**TASK DETAILS:** Since the pictures are not wanted, reproduce only the rest of the records, exactly as given.

**MATERIAL FOR THIS EXERCISE:**
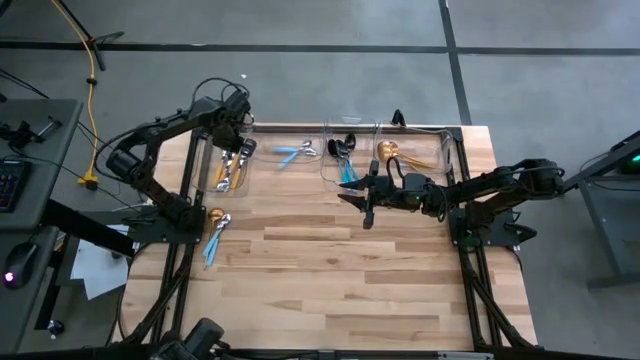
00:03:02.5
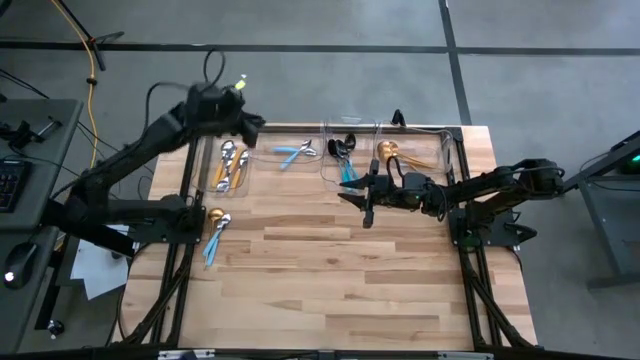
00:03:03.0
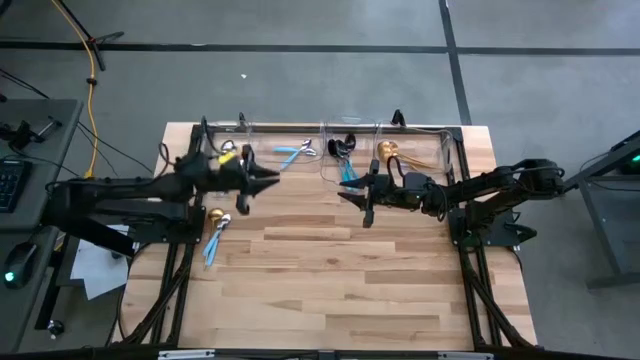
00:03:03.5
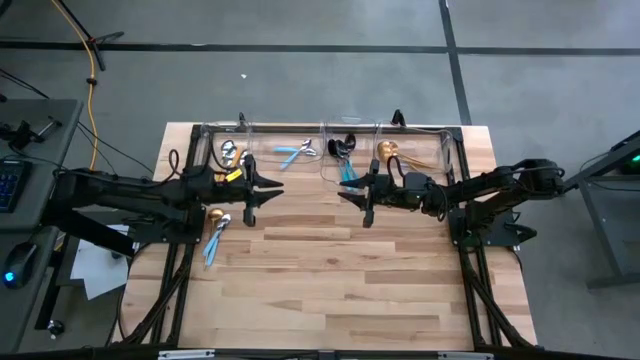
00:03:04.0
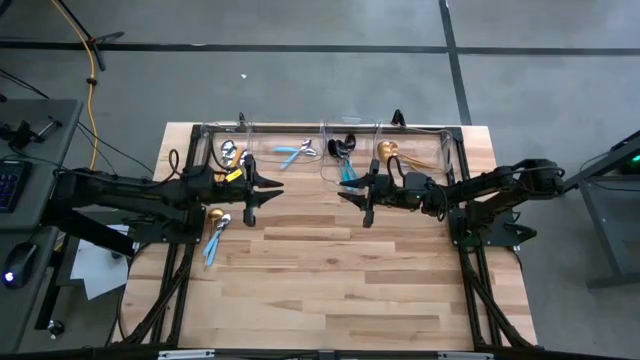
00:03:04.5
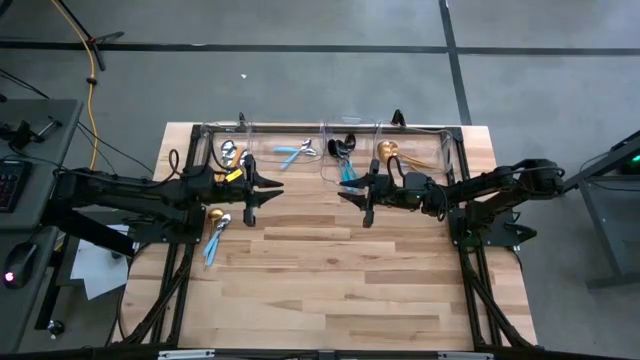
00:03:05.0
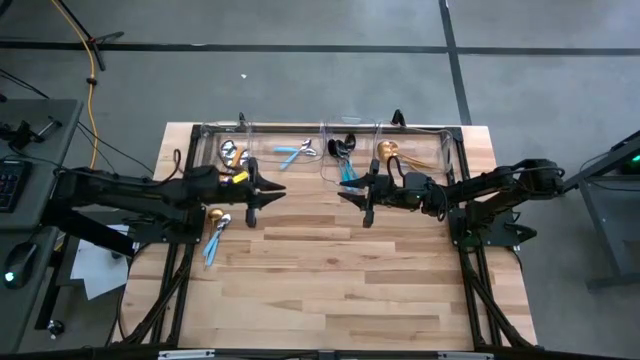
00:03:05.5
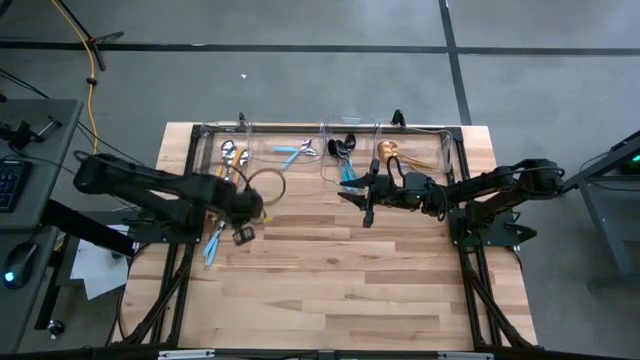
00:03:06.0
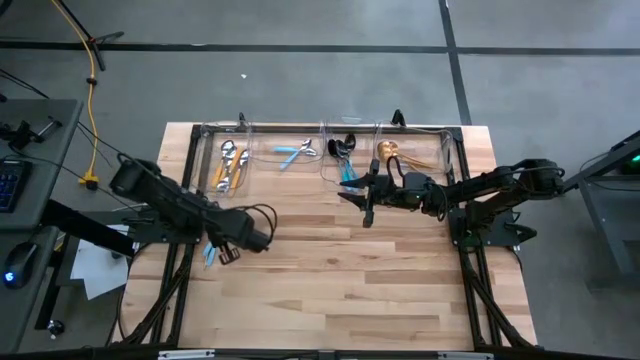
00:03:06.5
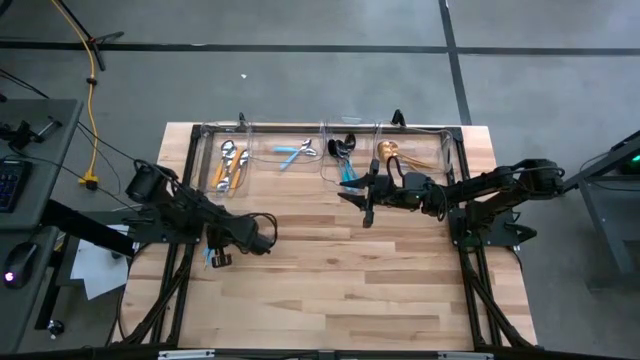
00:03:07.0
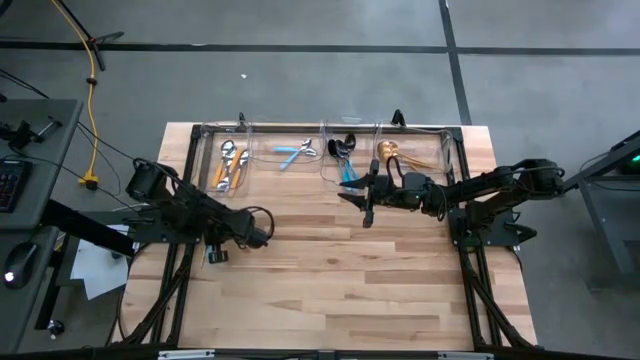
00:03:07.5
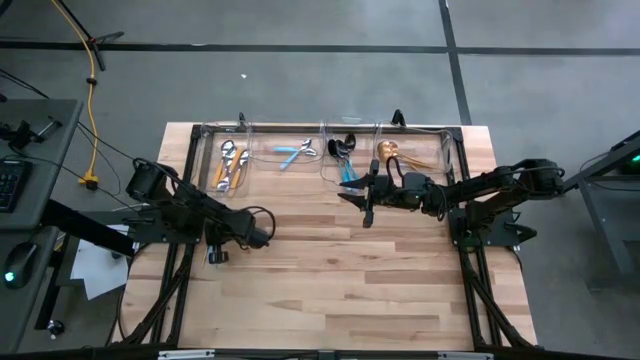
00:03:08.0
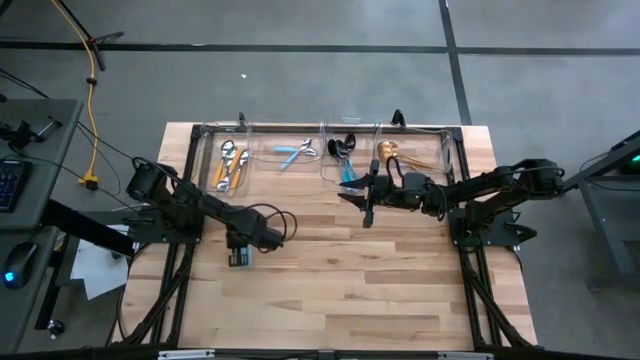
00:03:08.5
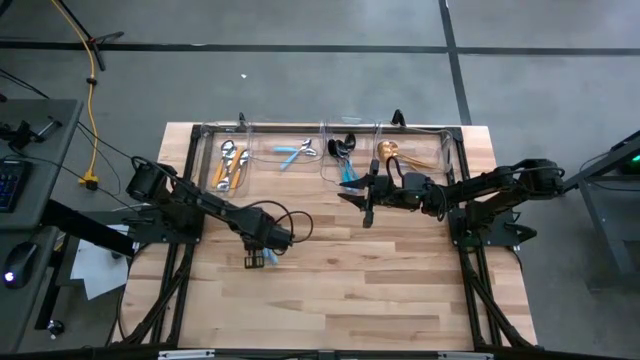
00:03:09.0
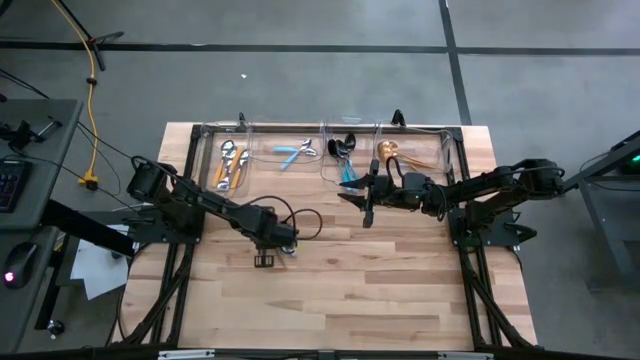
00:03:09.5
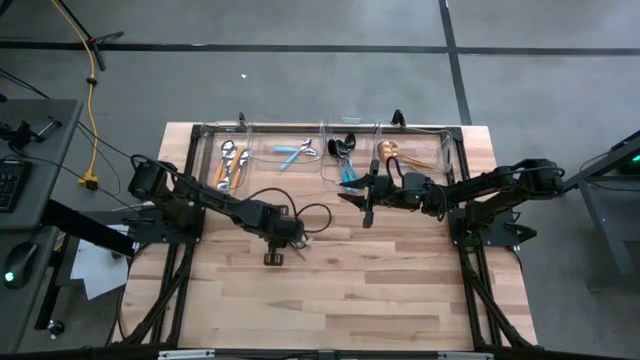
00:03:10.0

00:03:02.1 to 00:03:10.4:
Task: Sort silverware by color (type)
Move the spoons into the center of the table

**OUTPUT FOR THIS TASK:**
00:03:02.5
00:03:03.0
00:03:03.5
00:03:04.0
00:03:04.5
00:03:05.0
00:03:05.5
00:03:06.0
00:03:06.5
00:03:07.0
00:03:07.5
00:03:08.0
00:03:08.5
00:03:09.0
00:03:09.5
00:03:10.0

00:03:02.1 to 00:03:10.4:
Task: Sort silverware by color (type)
Move the spoons into the center of the table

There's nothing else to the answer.